- DATASET ENTRIES
☆ ☆ ☆ ☆ ☆

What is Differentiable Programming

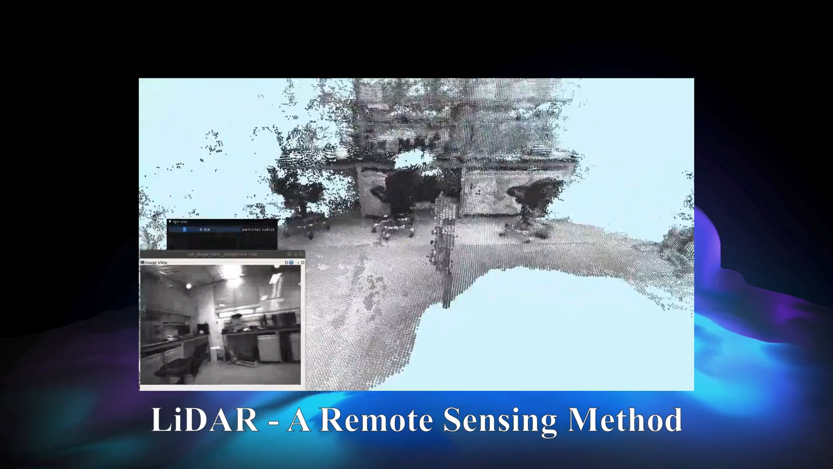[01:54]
It is a method for determining ranges by targeting an object, or a surface with a laser measuring the time for the reflected light to return to the receiver.
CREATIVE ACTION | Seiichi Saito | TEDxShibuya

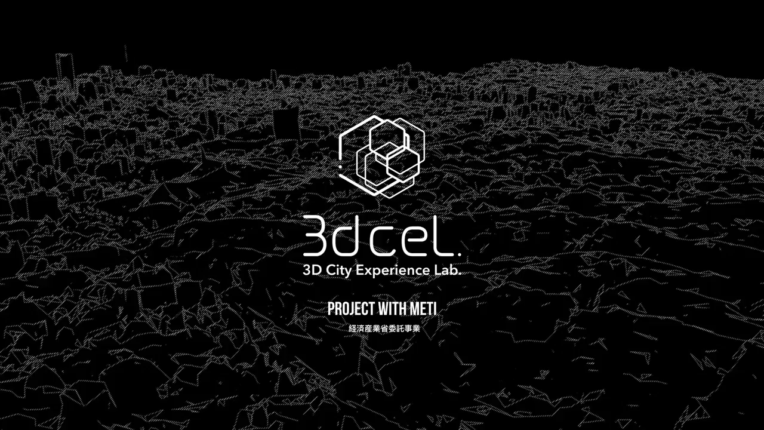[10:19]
ペリエンスラボというプロジェクトを立ち上げてなぜ3次元で地図を作れないのかというのを探求したんですねラボなんで3Dの地図を作るというところも一つ目的になっているんですけど
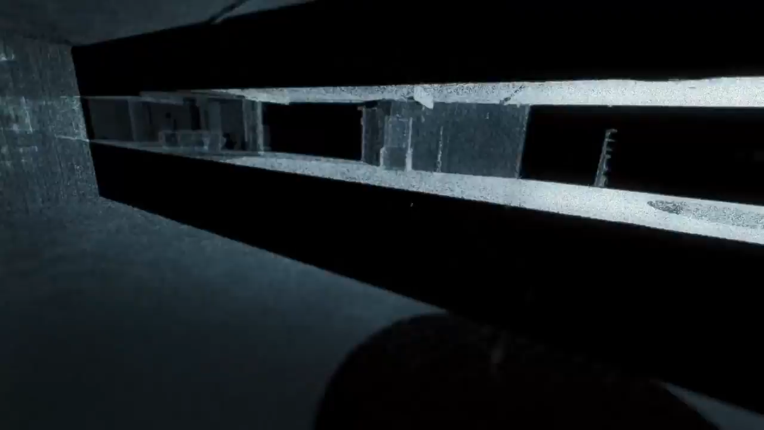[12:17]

☆ ☆ ☆ ☆ ☆

- WORK TASK
Each line above should be written out again exactly, without any image.

- YOUR RESPONSE
What is Differentiable Programming

[01:54]
It is a method for determining ranges by targeting an object, or a surface with a laser measuring the time for the reflected light to return to the receiver.
CREATIVE ACTION | Seiichi Saito | TEDxShibuya

[10:19]
ペリエンスラボというプロジェクトを立ち上げてなぜ3次元で地図を作れないのかというのを探求したんですねラボなんで3Dの地図を作るというところも一つ目的になっているんですけど
[12:17]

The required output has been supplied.